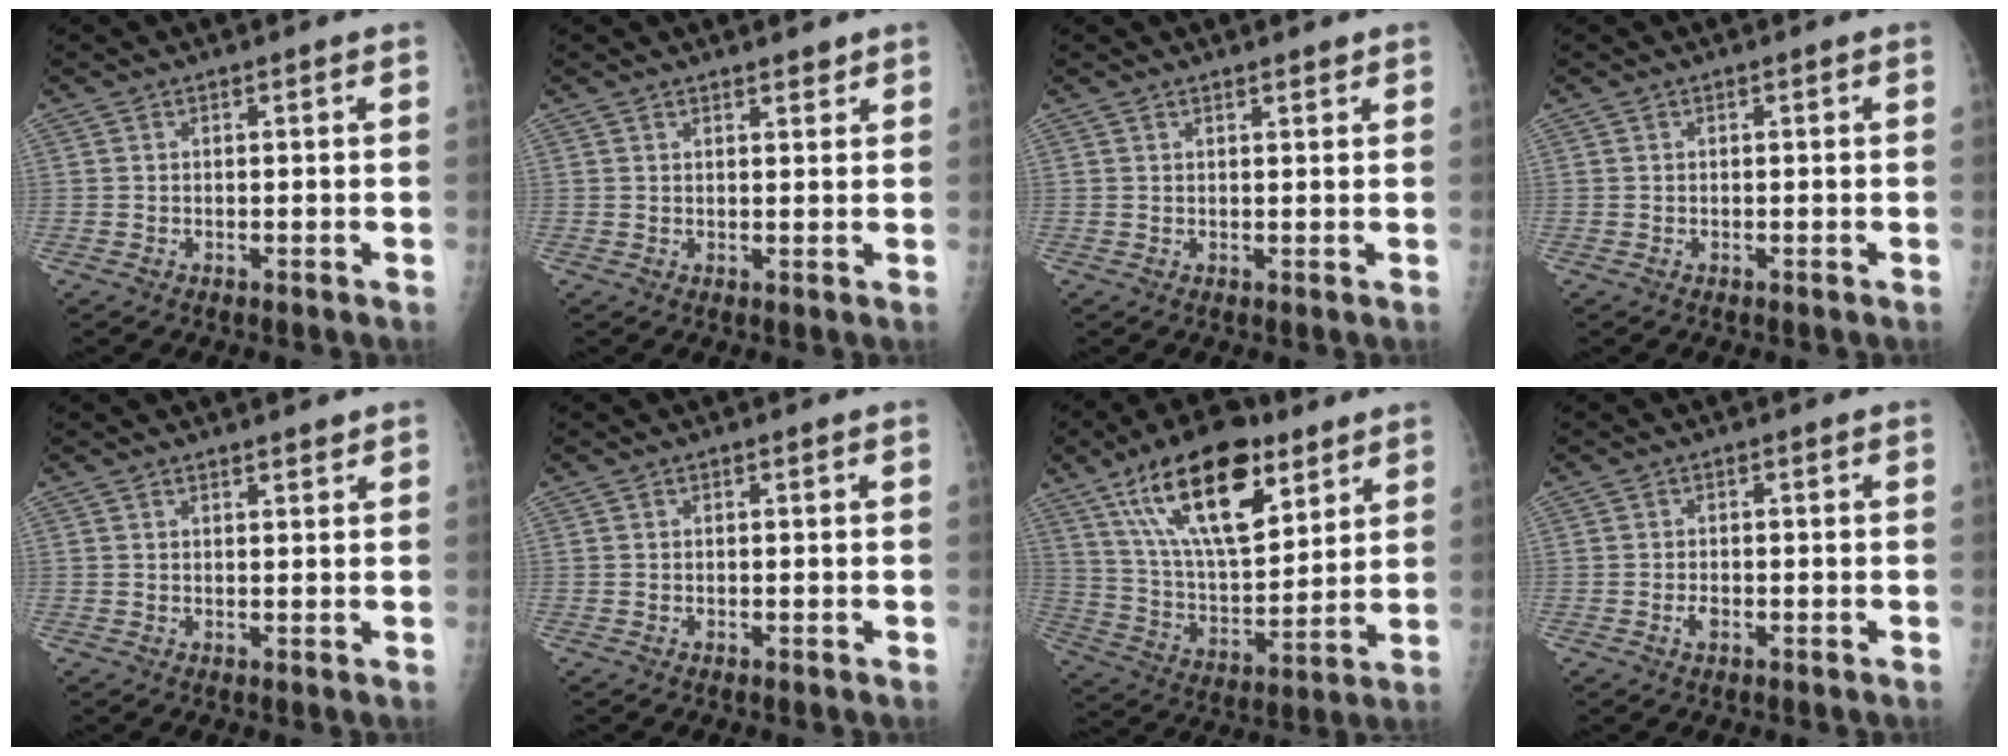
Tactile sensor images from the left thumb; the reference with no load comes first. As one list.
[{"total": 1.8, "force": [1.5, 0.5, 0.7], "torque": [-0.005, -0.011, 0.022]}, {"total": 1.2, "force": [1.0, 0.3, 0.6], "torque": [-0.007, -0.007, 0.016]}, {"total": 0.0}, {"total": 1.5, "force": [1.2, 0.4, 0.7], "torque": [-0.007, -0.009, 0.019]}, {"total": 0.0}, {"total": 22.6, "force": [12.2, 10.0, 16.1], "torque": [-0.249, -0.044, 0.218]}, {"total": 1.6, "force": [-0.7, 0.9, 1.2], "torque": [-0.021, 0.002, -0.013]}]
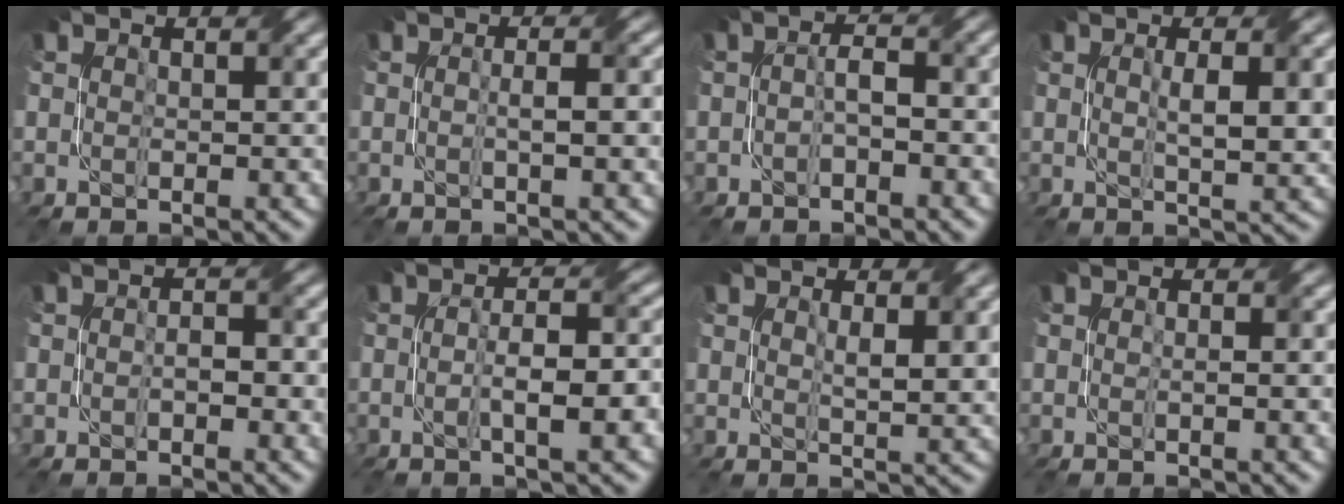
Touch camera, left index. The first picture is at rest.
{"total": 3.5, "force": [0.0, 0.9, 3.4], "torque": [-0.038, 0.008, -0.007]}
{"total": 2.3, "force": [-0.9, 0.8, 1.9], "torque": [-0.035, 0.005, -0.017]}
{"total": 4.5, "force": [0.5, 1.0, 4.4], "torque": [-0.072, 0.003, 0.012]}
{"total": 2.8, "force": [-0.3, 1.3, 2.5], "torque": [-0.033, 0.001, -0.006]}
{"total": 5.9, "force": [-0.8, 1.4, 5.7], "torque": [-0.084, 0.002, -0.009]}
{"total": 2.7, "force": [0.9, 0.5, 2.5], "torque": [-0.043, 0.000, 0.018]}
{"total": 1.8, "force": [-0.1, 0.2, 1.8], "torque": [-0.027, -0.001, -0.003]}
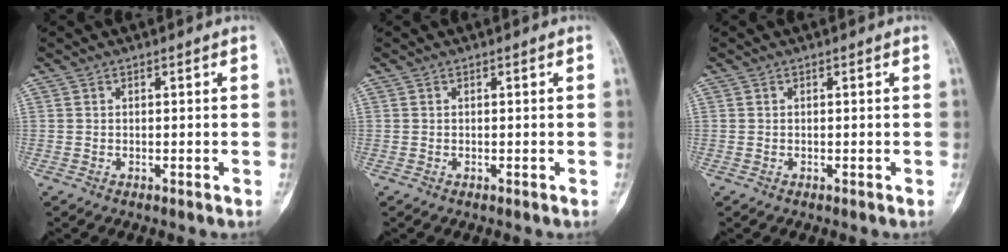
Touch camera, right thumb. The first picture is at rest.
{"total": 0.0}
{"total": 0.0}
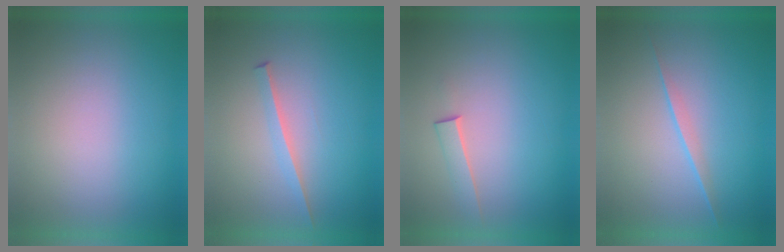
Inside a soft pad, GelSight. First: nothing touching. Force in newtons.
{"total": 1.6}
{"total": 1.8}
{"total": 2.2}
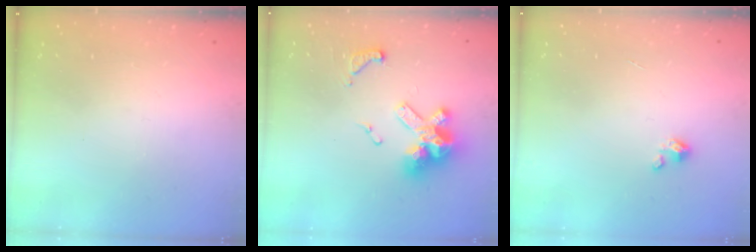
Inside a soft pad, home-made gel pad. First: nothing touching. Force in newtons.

--

Try it:
Restate the entries above word for word, keeping pictures out of the copy.

Response area:
Tactile sensor images from the left thumb; the reference with no load comes first. As one list.
[{"total": 1.8, "force": [1.5, 0.5, 0.7], "torque": [-0.005, -0.011, 0.022]}, {"total": 1.2, "force": [1.0, 0.3, 0.6], "torque": [-0.007, -0.007, 0.016]}, {"total": 0.0}, {"total": 1.5, "force": [1.2, 0.4, 0.7], "torque": [-0.007, -0.009, 0.019]}, {"total": 0.0}, {"total": 22.6, "force": [12.2, 10.0, 16.1], "torque": [-0.249, -0.044, 0.218]}, {"total": 1.6, "force": [-0.7, 0.9, 1.2], "torque": [-0.021, 0.002, -0.013]}]
Touch camera, left index. The first picture is at rest.
{"total": 3.5, "force": [0.0, 0.9, 3.4], "torque": [-0.038, 0.008, -0.007]}
{"total": 2.3, "force": [-0.9, 0.8, 1.9], "torque": [-0.035, 0.005, -0.017]}
{"total": 4.5, "force": [0.5, 1.0, 4.4], "torque": [-0.072, 0.003, 0.012]}
{"total": 2.8, "force": [-0.3, 1.3, 2.5], "torque": [-0.033, 0.001, -0.006]}
{"total": 5.9, "force": [-0.8, 1.4, 5.7], "torque": [-0.084, 0.002, -0.009]}
{"total": 2.7, "force": [0.9, 0.5, 2.5], "torque": [-0.043, 0.000, 0.018]}
{"total": 1.8, "force": [-0.1, 0.2, 1.8], "torque": [-0.027, -0.001, -0.003]}
Touch camera, right thumb. The first picture is at rest.
{"total": 0.0}
{"total": 0.0}
Inside a soft pad, GelSight. First: nothing touching. Force in newtons.
{"total": 1.6}
{"total": 1.8}
{"total": 2.2}
Inside a soft pad, home-made gel pad. First: nothing touching. Force in newtons.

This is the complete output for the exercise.